◆ AIM OF THE EXERCISE
In the entries below, how many lines contain the string "rendered"? State the number and nothing else.

Records from a dataset
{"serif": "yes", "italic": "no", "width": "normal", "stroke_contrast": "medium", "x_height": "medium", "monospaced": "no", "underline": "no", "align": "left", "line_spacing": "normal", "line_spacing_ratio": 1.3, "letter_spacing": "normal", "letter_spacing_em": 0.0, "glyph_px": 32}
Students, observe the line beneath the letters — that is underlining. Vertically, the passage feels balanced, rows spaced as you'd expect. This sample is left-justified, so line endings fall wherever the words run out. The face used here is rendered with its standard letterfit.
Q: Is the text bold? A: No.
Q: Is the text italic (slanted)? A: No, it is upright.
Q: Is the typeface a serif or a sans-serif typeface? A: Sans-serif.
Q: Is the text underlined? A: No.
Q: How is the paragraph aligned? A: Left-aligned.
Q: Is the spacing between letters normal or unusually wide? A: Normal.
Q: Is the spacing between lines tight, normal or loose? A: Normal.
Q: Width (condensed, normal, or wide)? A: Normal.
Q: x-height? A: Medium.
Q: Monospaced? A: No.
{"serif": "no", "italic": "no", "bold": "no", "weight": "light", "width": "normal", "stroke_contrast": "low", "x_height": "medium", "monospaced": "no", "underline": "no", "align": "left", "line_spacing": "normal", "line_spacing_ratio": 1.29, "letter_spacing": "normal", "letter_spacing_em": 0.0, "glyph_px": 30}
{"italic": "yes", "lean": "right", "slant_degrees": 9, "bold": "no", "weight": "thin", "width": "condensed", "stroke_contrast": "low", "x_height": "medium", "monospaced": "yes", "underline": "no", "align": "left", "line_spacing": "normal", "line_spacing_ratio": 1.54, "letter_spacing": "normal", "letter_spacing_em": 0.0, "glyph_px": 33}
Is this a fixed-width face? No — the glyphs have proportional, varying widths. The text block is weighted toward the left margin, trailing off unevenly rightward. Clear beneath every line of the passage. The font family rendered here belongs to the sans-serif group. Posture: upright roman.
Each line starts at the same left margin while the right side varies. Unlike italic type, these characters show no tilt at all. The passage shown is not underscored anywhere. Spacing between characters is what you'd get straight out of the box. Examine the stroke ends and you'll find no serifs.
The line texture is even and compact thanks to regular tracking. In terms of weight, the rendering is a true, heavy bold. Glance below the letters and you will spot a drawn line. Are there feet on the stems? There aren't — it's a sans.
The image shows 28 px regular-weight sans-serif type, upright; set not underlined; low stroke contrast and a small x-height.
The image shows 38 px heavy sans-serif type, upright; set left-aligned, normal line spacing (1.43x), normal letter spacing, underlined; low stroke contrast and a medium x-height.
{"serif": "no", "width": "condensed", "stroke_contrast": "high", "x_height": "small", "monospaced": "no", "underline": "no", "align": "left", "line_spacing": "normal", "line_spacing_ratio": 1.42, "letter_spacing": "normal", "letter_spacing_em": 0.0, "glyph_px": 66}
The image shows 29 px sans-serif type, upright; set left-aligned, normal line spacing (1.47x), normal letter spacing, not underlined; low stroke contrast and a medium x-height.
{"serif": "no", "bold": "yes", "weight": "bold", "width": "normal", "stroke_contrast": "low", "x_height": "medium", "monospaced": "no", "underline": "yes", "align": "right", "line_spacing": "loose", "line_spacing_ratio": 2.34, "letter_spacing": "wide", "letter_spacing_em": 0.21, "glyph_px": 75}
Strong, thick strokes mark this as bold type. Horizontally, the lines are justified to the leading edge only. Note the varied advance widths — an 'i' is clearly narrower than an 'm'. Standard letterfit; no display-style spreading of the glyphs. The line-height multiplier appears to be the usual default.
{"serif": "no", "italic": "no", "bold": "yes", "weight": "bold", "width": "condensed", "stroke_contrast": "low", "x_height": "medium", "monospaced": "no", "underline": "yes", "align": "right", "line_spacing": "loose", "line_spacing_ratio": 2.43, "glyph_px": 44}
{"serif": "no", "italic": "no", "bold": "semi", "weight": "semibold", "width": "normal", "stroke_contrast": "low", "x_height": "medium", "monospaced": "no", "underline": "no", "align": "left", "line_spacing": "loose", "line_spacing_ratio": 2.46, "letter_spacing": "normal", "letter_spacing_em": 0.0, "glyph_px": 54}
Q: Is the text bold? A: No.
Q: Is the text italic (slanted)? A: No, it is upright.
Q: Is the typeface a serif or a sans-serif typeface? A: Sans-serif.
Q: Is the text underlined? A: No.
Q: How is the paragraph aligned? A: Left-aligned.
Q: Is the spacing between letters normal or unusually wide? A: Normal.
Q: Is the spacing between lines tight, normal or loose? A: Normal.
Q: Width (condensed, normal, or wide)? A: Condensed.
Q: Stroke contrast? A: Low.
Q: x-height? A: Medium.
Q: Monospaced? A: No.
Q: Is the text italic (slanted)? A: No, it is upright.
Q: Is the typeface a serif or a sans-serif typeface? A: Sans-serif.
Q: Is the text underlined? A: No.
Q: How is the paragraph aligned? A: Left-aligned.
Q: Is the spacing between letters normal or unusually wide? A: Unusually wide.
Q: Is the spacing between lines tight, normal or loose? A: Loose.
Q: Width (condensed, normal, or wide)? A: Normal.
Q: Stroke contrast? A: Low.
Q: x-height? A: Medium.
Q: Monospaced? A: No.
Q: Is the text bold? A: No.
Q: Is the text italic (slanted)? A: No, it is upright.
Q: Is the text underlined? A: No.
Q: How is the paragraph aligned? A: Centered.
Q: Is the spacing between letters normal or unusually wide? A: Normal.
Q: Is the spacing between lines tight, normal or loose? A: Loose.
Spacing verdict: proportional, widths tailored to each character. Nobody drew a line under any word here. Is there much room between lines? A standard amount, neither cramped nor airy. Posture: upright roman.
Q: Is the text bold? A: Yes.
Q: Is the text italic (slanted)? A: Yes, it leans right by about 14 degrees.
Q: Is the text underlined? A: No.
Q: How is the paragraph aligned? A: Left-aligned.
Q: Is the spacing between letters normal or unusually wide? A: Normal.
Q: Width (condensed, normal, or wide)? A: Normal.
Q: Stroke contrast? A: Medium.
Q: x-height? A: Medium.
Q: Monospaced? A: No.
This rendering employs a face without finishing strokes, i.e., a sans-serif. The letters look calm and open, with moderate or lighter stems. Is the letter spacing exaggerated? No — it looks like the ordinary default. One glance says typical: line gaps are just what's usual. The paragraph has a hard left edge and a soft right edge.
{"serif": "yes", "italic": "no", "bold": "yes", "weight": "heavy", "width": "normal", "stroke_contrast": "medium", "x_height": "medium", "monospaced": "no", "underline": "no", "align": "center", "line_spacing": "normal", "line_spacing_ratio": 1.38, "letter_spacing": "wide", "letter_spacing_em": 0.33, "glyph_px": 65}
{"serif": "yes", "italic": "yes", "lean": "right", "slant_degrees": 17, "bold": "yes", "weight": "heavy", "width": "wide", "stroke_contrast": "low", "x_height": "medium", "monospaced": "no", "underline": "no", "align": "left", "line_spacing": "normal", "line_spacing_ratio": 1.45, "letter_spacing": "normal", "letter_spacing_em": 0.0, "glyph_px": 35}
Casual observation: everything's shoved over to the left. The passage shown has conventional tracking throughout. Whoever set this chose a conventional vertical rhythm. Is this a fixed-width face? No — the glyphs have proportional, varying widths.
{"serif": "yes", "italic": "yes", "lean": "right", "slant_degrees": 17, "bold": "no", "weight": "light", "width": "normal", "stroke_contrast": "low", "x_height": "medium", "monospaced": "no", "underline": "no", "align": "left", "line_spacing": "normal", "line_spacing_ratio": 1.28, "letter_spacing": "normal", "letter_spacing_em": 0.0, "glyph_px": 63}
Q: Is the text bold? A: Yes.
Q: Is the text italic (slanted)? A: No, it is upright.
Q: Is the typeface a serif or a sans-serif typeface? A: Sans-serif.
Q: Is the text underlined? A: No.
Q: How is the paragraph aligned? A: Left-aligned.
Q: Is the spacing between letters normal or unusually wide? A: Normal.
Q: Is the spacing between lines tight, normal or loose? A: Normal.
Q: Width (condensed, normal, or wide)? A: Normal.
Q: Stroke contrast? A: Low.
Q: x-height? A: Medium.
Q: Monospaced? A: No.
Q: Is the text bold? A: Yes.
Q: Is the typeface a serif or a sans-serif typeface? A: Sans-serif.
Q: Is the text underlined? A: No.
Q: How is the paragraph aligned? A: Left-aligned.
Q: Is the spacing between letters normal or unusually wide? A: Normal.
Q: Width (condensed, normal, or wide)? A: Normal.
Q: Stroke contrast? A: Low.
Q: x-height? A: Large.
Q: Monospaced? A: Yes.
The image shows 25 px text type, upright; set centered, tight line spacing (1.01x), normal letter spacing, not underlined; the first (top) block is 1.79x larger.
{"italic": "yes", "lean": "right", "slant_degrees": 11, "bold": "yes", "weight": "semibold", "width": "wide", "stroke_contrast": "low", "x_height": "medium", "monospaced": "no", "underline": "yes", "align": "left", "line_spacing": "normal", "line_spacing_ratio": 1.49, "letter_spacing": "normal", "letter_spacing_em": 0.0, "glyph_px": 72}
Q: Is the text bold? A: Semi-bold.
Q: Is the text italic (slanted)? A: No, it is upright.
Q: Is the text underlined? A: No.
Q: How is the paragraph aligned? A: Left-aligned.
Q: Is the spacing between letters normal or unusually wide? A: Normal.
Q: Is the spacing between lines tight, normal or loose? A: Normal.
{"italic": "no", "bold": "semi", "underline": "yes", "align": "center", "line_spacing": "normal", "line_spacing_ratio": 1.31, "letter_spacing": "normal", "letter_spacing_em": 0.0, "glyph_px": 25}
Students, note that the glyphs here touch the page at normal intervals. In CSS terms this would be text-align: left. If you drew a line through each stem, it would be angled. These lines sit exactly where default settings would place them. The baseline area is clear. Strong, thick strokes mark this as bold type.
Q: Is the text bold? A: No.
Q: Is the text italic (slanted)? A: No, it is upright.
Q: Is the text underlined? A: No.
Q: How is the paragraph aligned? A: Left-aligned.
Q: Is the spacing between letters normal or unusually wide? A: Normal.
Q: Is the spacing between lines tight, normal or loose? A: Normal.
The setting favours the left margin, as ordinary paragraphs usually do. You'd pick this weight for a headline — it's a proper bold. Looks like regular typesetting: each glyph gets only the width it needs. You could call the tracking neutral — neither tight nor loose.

◆ TASK SOLUTION
2